Since World War II, each generation has had the reasonable expectation of doing better than their parents. According to the report, this is no longer a likely prospect. With the rise of automated workplaces and other labor market shifts, a full 30 to 40 percent of workers may never see their income grow again – even if the economy grows significantly.

Another report, from the Center for American Progress, shows this trend playing out in the United States. The liberal think tank found earlier this year that 30-year-olds today make less money than 30-year-olds made 10 years ago. In fact, today's 30-year-olds make about the same income as people their age did in 1984, "despite the facts that they are 50 percent more likely to have finished college and that they work in an economy that is 70 percent more productive."

In other words, their wages have flat-lined.

Meanwhile, wealth has concentrated at an unprecedented rate at the tippity-top of the economy. The combined wealth of the Forbes 400, a whopping $2.3 trillion, totals the combined wealth of more than 60 percent of the rest of the country – nearly 200 million people.
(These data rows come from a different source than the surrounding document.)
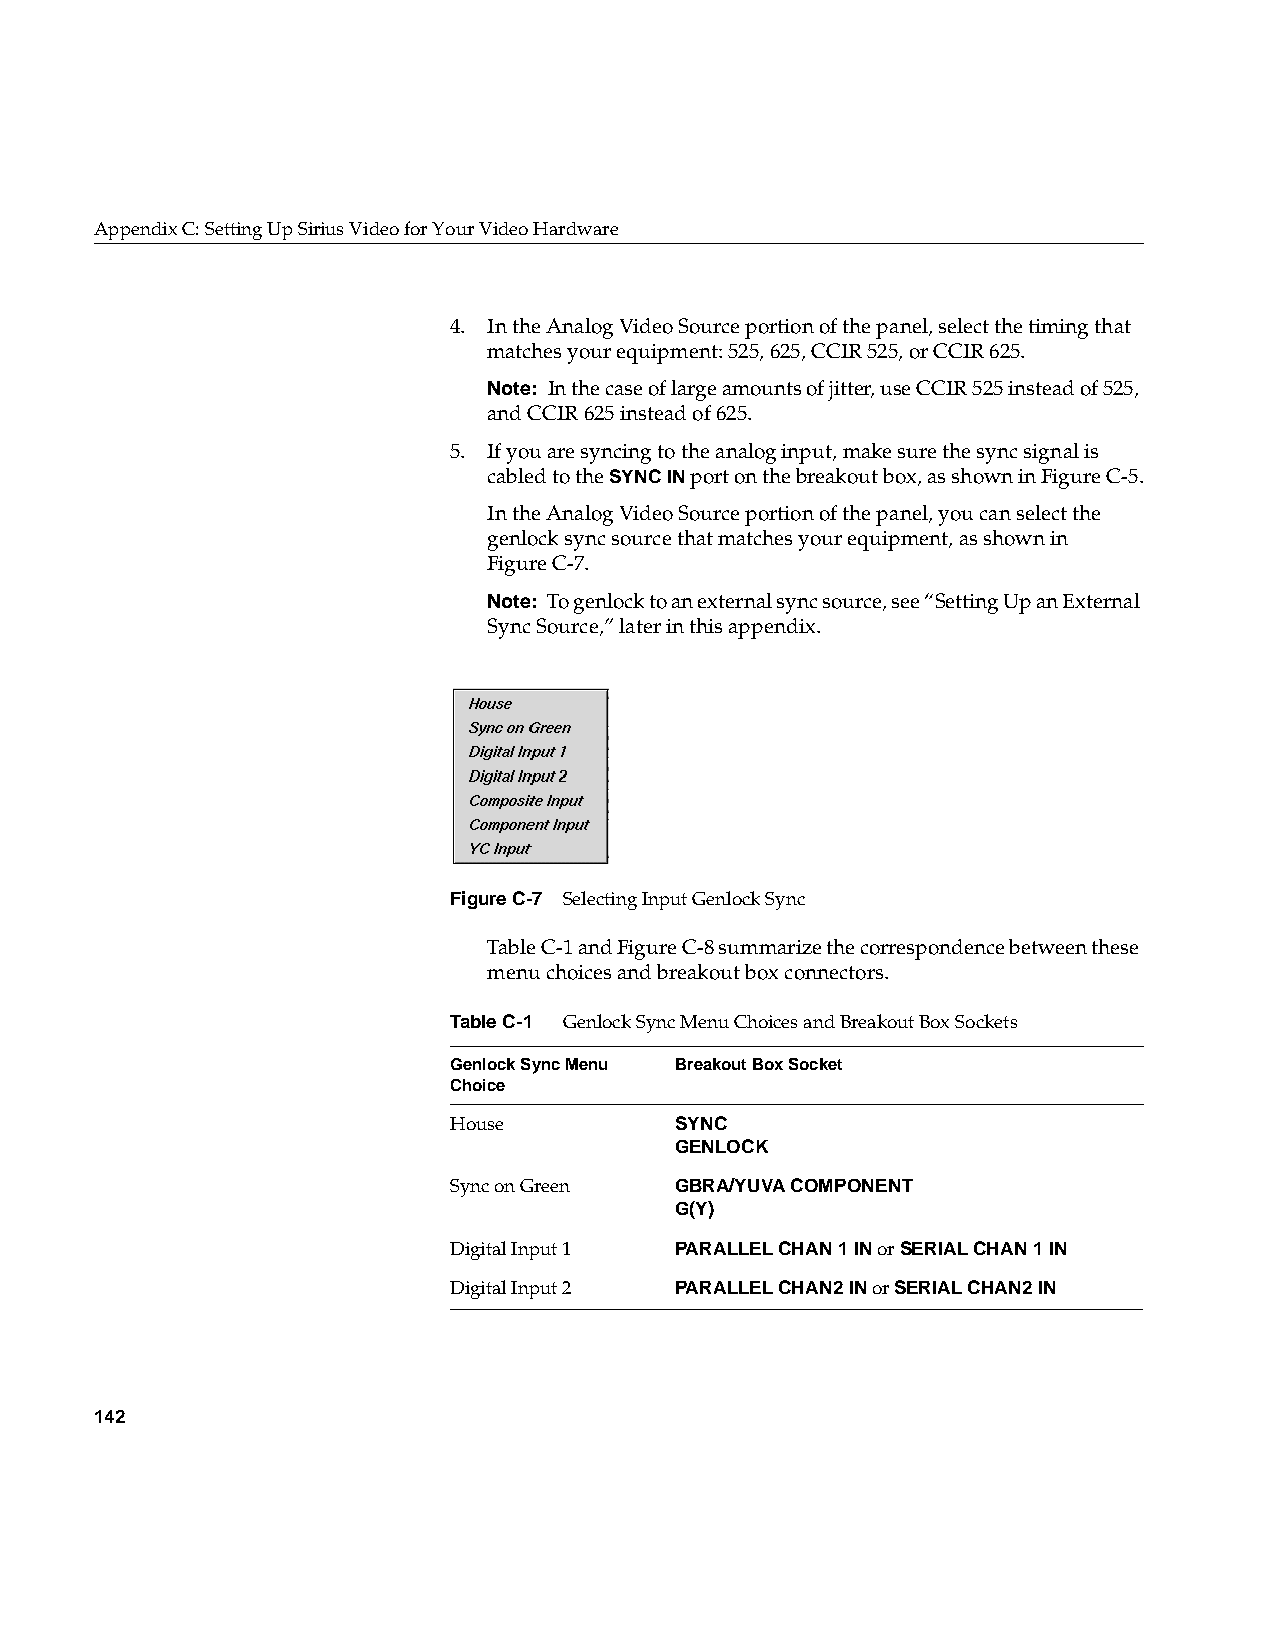
AppendixC: Setting Up Sirius Video for Your Video Hardware
 4. In the Analog Video Source portion of the panel, select the timing that
 matches your equipment: 525, 625, CCIR 525, or CCIR 625.
 Note: In the case of large amounts of jitter, use CCIR 525 instead of 525,
 and CCIR 625 instead of 625.
 5. If you are syncing to the analog input, make sure the sync signal is
 cabled to theSYNC IN port on the breakout box, as shown in FigureC-5.
 In the Analog Video Source portion of the panel, you can select the
 genlock sync source that matches your equipment, as shown in
 FigureC-7.
 Note: To genlock to an external sync source, see “Setting Up an External
 Sync Source,” later in this appendix.
 FigureC-7 Selecting Input Genlock Sync
 TableC-1 and FigureC-8 summarize the correspondence between these
 menu choices and breakout box connectors.
 TableC-1 Genlock Sync Menu Choices and Breakout Box Sockets
 Genlock Sync Menu Breakout Box Socket
 Choice
 House          SYNC
 GENLOCK
 Sync on Green  GBRA/YUVA COMPONENT
 G(Y)
 Digital Input 1 PARALLEL CHAN 1 IN orSERIAL CHAN 1 IN
 Digital Input 2 PARALLEL CHAN2 IN orSERIAL CHAN2 IN
 142

Another just-released study, this one from veteran inequality economist Emanuel Saez, shows income for the top 1 percent has grown at nearly twice the rate as the bottom 99 percent since 1998.
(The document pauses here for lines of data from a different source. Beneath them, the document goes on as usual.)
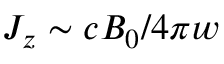
J _ { z } \sim c B _ { 0 } / 4 \pi w
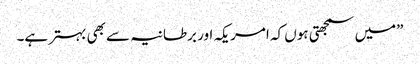
”میں سمجھتی ہوں کہ امریکہ اور برطانیہ سے بھی بہتر ہے۔
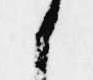
候
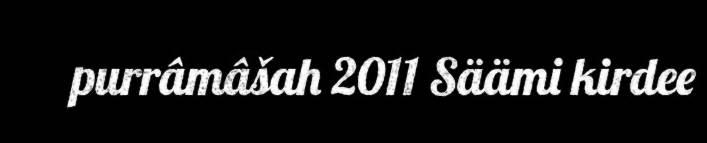
purrâmâšah 2011 Säämi kirdee
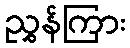
ညွှန်ကြား
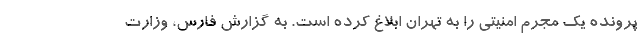
پرونده یک مجرم امنیتی را به تهران ابلاغ کرده است. به گزارش فارس، وزارت
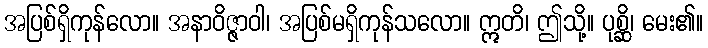
အပြစ်ရှိကုန်လော။ အနာဝိဇ္ဇာဝါ၊ အပြစ်မရှိကုန်သလော။ ဣတိ၊ ဤသို့။ ပုစ္ဆိ၊ မေး၏။
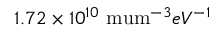
1 . 7 2 \times 1 0 ^ { 1 0 } \mathrm { \ m u m } ^ { - 3 } e V ^ { - 1 }
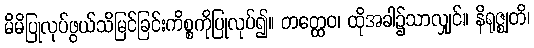
မိမိပြုလုပ်ဖွယ်သိမြင်ခြင်းကိစ္စကိုပြုလုပ်၍။ တတ္ထေဝ၊ ထိုအခါ၌သာလျှင်။ နိရုဇ္ဈတိ၊
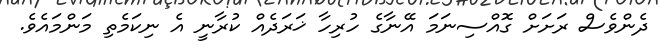
ދެންވެސް ރަށަށް ގޮއްސިނަމަ އޭނާގެ ހުރިހާ ޚަރަދެއް ކުރާނީ އެ ނިކަމެތި މަންމައެވެ.
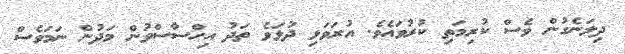
ދިލަނެގުން ވެސް ކުރިމަތި ކުރުވައެވެ. އުރަވަޅި ދުޅަވެ ތަދު އިހްސާސްވުން މަދުން ނަމަވެސް
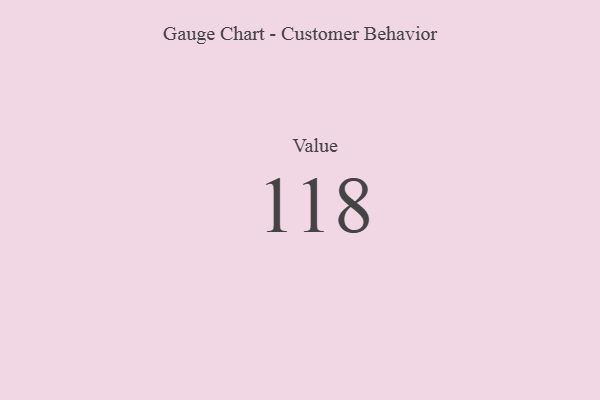
{"axis": {"x": "Metric", "y": "Value"}, "legend": [""], "data": [{"x": "Value", "y": 118, "type": ""}]}
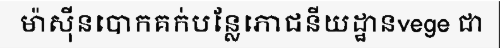
ម៉ាស៊ីនបោកគក់បន្លែភោជនីយដ្ឋានvege ជា
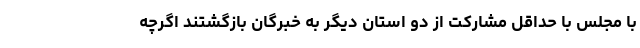
با مجلس با حداقل مشارکت از دو استان دیگر به خبرگان بازگشتند اگرچه
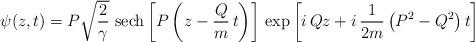
LaTeX: \begin{align*}\psi (z, t) = P \sqrt{\frac{2}{\gamma}}\ \mbox{sech}\left[P\left(z - \frac{Q}{m}\,t\right)\right]\,\exp \left[i\, Q z + i\,\frac{1}{2 m}\left(P^{2} - Q^{2}\right)t\right] \end{align*}
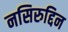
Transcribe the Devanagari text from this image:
नसिरुद्दिन

The report from McKinsey recognizes that this trend is bad news both for the economy and for the rise of nativist politics. In their words, "those who were not advancing and not hopeful about the future were more likely than those who were advancing to support nationalist political parties."

Without significant action to reverse the growing divide, it's clear that these trends will continue to play out. That's bad news for the rising generation set to inherit the deeply unequal economic heritage of their parents.